▶ The input
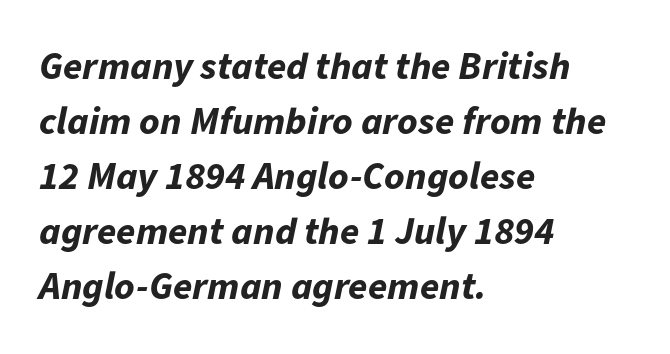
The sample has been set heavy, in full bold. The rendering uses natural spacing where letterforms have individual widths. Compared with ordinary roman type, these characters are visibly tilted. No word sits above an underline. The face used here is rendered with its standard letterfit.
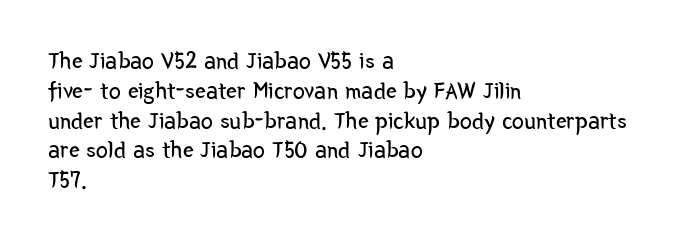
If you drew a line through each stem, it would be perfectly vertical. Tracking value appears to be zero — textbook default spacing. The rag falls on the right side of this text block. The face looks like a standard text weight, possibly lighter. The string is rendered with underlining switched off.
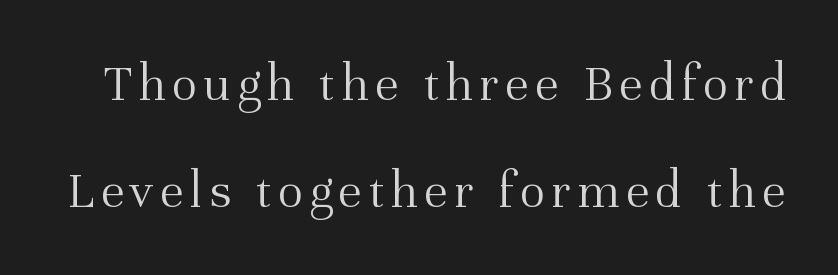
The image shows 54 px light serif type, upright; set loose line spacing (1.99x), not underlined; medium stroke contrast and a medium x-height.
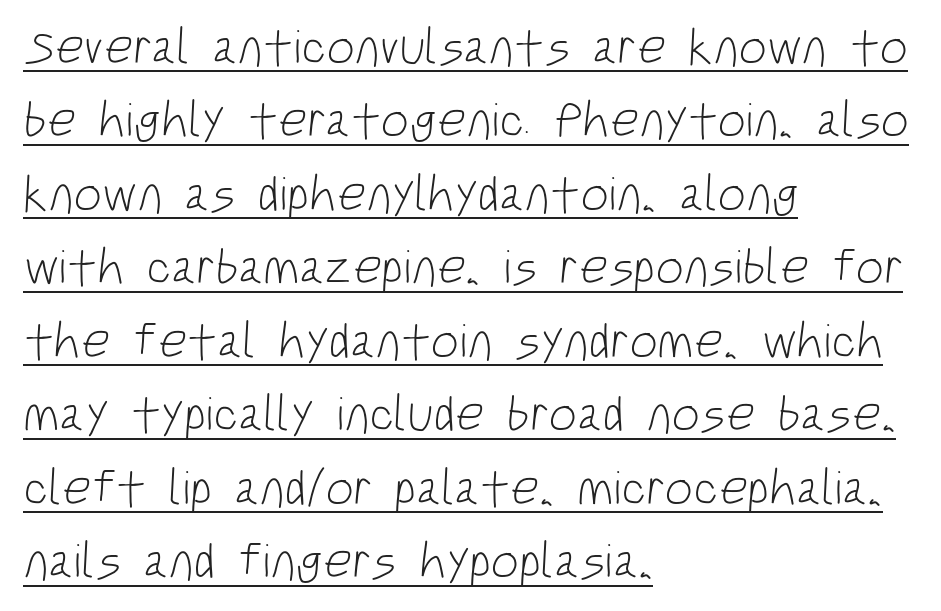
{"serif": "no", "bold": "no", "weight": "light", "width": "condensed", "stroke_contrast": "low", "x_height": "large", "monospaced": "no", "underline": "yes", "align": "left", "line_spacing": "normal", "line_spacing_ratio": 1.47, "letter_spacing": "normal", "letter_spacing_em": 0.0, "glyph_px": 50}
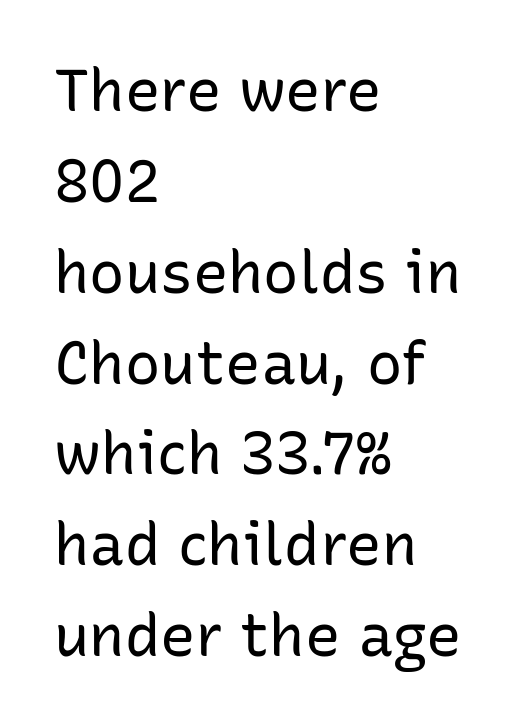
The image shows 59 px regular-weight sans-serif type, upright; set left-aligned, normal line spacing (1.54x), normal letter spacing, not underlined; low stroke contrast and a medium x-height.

▶ What the task asks
Could you write out the whole listing exactly, dropping the pictures?

▶ Your solution
The sample has been set heavy, in full bold. The rendering uses natural spacing where letterforms have individual widths. Compared with ordinary roman type, these characters are visibly tilted. No word sits above an underline. The face used here is rendered with its standard letterfit.
If you drew a line through each stem, it would be perfectly vertical. Tracking value appears to be zero — textbook default spacing. The rag falls on the right side of this text block. The face looks like a standard text weight, possibly lighter. The string is rendered with underlining switched off.
The image shows 54 px light serif type, upright; set loose line spacing (1.99x), not underlined; medium stroke contrast and a medium x-height.
{"serif": "no", "bold": "no", "weight": "light", "width": "condensed", "stroke_contrast": "low", "x_height": "large", "monospaced": "no", "underline": "yes", "align": "left", "line_spacing": "normal", "line_spacing_ratio": 1.47, "letter_spacing": "normal", "letter_spacing_em": 0.0, "glyph_px": 50}
The image shows 59 px regular-weight sans-serif type, upright; set left-aligned, normal line spacing (1.54x), normal letter spacing, not underlined; low stroke contrast and a medium x-height.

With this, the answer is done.